- Information supplied
╔══

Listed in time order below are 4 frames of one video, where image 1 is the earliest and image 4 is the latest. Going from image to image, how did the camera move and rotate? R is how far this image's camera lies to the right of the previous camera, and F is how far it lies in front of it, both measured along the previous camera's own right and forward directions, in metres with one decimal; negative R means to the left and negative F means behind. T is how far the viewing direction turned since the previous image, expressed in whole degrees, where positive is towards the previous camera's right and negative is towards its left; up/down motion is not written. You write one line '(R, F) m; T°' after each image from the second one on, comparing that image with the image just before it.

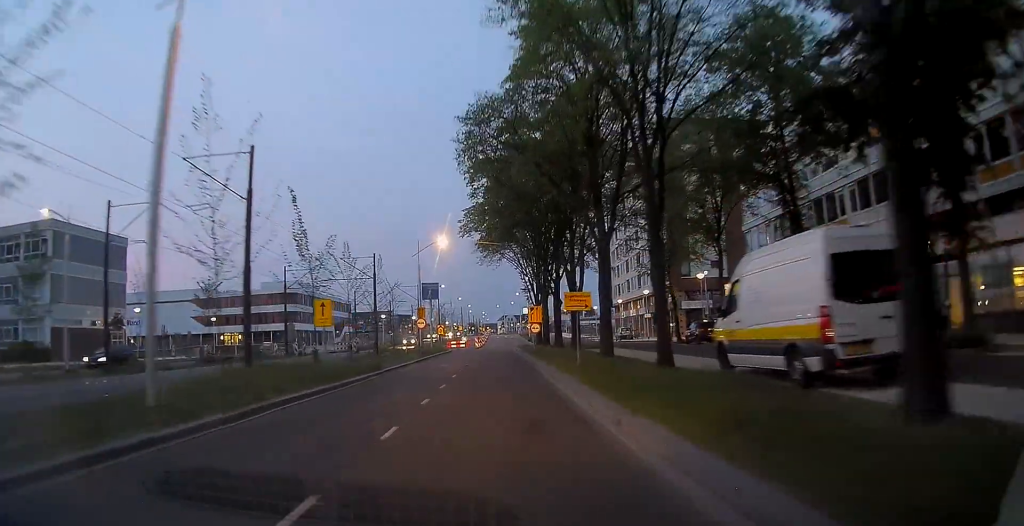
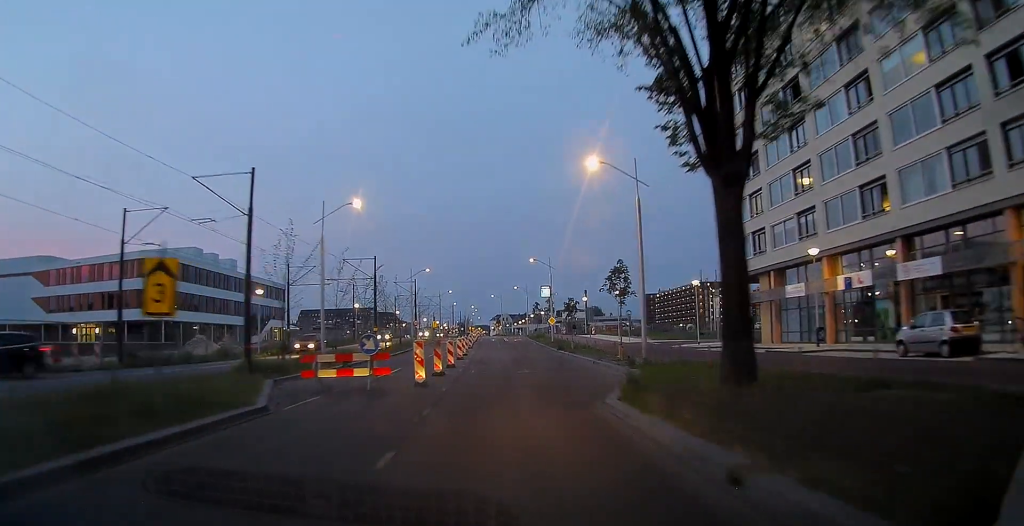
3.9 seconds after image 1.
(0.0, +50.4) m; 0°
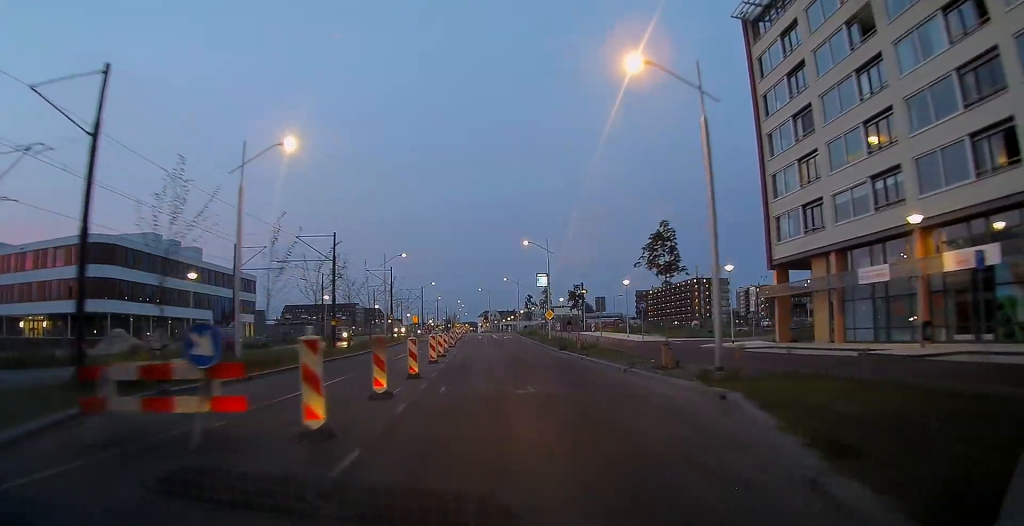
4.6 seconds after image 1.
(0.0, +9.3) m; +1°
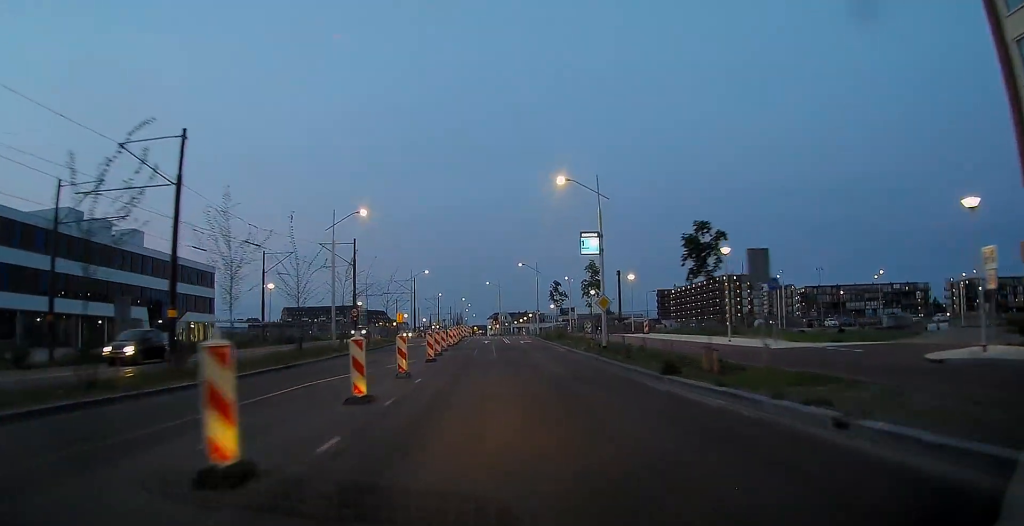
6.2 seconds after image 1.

╚══

- Exercise instructions
The reply should hold every record, unchanged, and no pictures.

- Reply to the task
Listed in time order below are 4 frames of one video, where image 1 is the earliest and image 4 is the latest. Going from image to image, how did the camera move and rotate? R is how far this image's camera lies to the right of the previous camera, and F is how far it lies in front of it, both measured along the previous camera's own right and forward directions, in metres with one decimal; negative R means to the left and negative F means behind. T is how far the viewing direction turned since the previous image, expressed in whole degrees, where positive is towards the previous camera's right and negative is towards its left; up/down motion is not written. You write one line '(R, F) m; T°' after each image from the second one on, comparing that image with the image just before it.

3.9 seconds after image 1.
(0.0, +50.4) m; 0°
4.6 seconds after image 1.
(0.0, +9.3) m; +1°
6.2 seconds after image 1.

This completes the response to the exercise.